"""

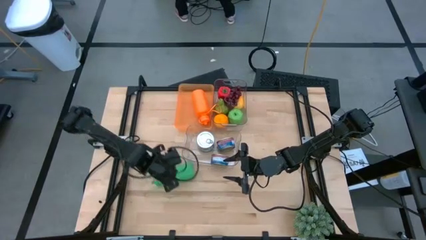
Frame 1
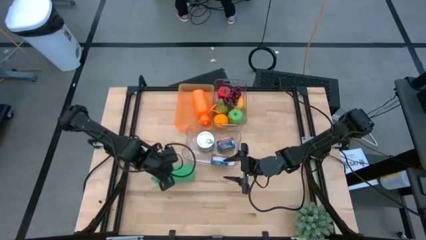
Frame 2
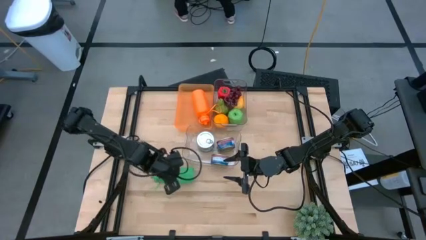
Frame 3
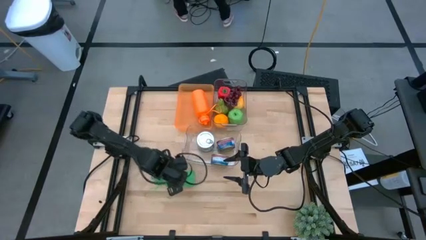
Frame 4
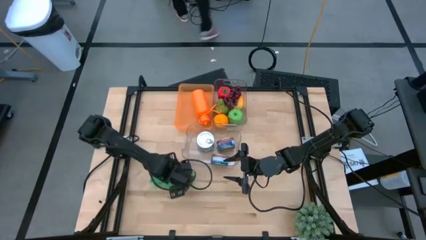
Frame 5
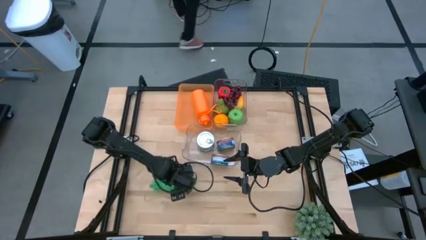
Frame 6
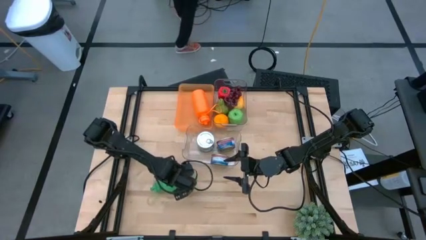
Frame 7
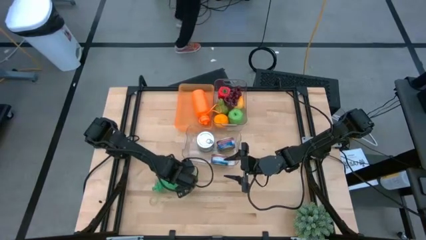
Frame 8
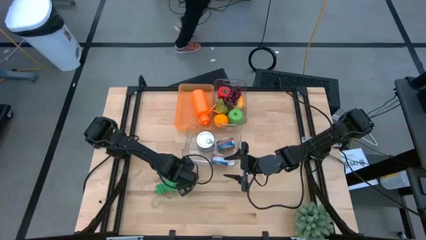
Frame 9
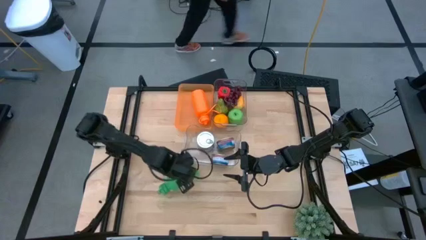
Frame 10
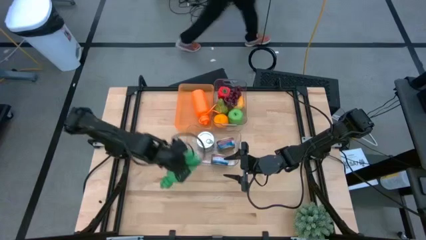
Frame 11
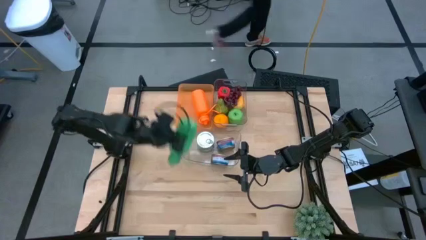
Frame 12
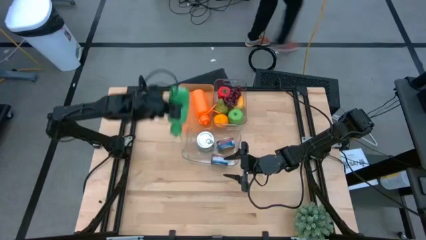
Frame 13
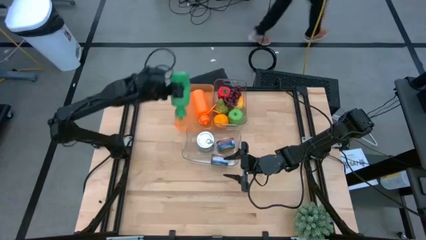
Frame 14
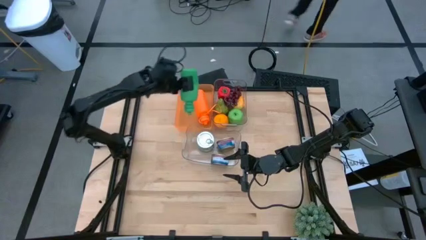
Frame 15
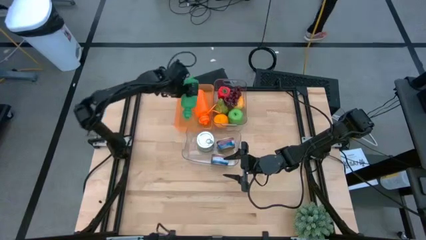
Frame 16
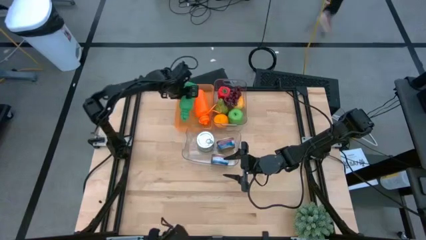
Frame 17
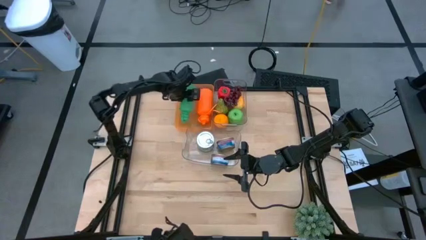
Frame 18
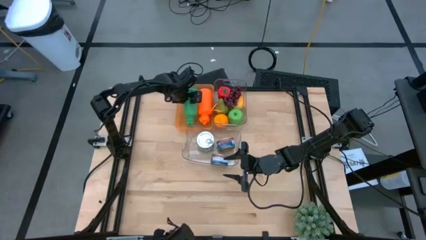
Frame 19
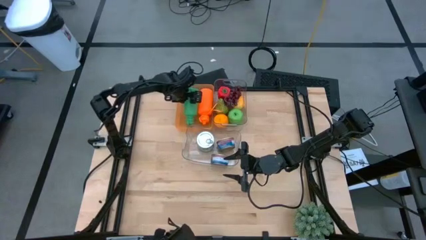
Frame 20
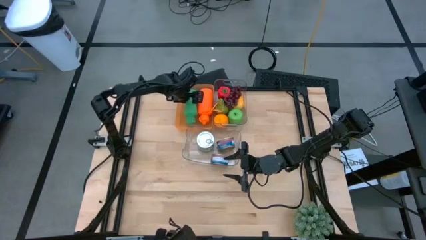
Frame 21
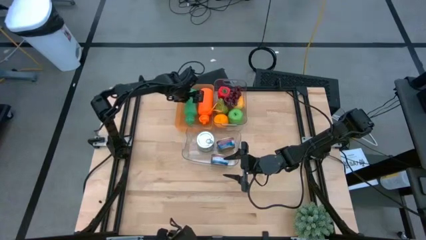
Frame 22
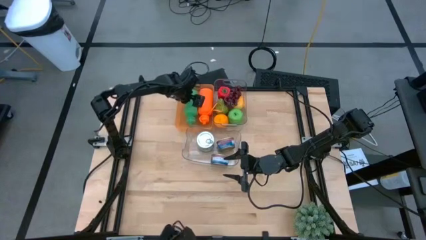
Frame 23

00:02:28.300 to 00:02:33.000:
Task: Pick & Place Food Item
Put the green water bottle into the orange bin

"""

- Task -
Output all the entries exactly, minus any pictures.

- Solution for this task -
Frame 1
Frame 2
Frame 3
Frame 4
Frame 5
Frame 6
Frame 7
Frame 8
Frame 9
Frame 10
Frame 11
Frame 12
Frame 13
Frame 14
Frame 15
Frame 16
Frame 17
Frame 18
Frame 19
Frame 20
Frame 21
Frame 22
Frame 23

00:02:28.300 to 00:02:33.000:
Task: Pick & Place Food Item
Put the green water bottle into the orange bin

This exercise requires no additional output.